All three investigated systems predicted 12-month post-discharge mortality in a statistically significant way, however their diagnostic accuracy was much lower (AUC of ~ 0.7). In a study by Angus et al. (19) APACHE II score was also predictive of 1-year mortality (AUC of 0.671) in patients undergoing liver transplants. In contrast, a study by Lee et al. reported no relation between the scores calculated on admission post-discharge mortality (34). Lower diagnostic accuracy in predicting long-term mortality could be due to various reasons. The scores are calculated during the first 24 h following admission using the worst results. The treatment implemented during ICU stay, eventual complications and the quality of the follow-up care and rehabilitation, influence patient’s outcome and can change the results provided by the scoring systems. Lee et al. found that the discharge APACHE II score was a good predictor of post-ICU mortality and readmission (34). Therefore, it would be more reasonable to focus on the scores calculated to estimate the long-term prediction of the patients on their discharge from the ICU. Because currently available tools have not been initially designed for such an application further studies should be conducted to create scores estimating the long-term prediction. In this context one ought to bear in mind that proper screening and accurate identification of patients who will stay at risk after their successful discharge from the ICU might be of great importance to avoid ICU readmissions, further deterioration of quality of life and higher post-discharge mortality.

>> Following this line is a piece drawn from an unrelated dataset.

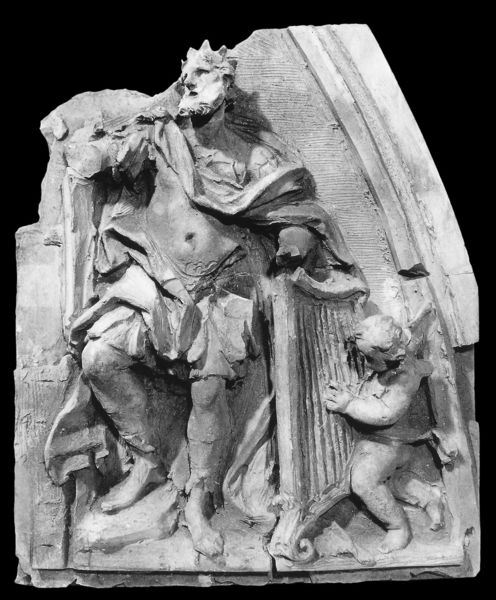
Titel: David mit der Harfe
Institution: Rom, Museo di Palazzo Venezia
Schlagwörter: mann, umhang, sitzen, grau, marmor, tuch, wolke, rock, bart, bibel, falten, mensch, stein, herr, kirche, mantel, kind, musik, krone, engel, putte, putto, skulptur, beine, relief, bogen, füsse, könig, thron, detail, stuck, nabel, bauch, plastik, foto, barfuss, panzer, herrscher, entwurf, rüstung, fragment, römer, spitzbogen, harfe, spielbein, standbein, david, römisch, mini, bauchfrei, kurzer rock, saul, harfenspiel, harfe spielen

The present study has some limitations. As a single-center study, there may be bias with regard to heterogeneous population and relatively small sample size. The final results in the scoring systems may be affected by the confounding effect of the data selection process and Glasgow Coma Scale results calculation. The follow up period in our study was limited to 12 months after the date of ICU admission. Finally, we did not include SOFA score into our analysis. However, that scoring system was primarily created for prognostication among septic patients so seems less universal in the mixed ICU setting than APACHE or SAPS (35).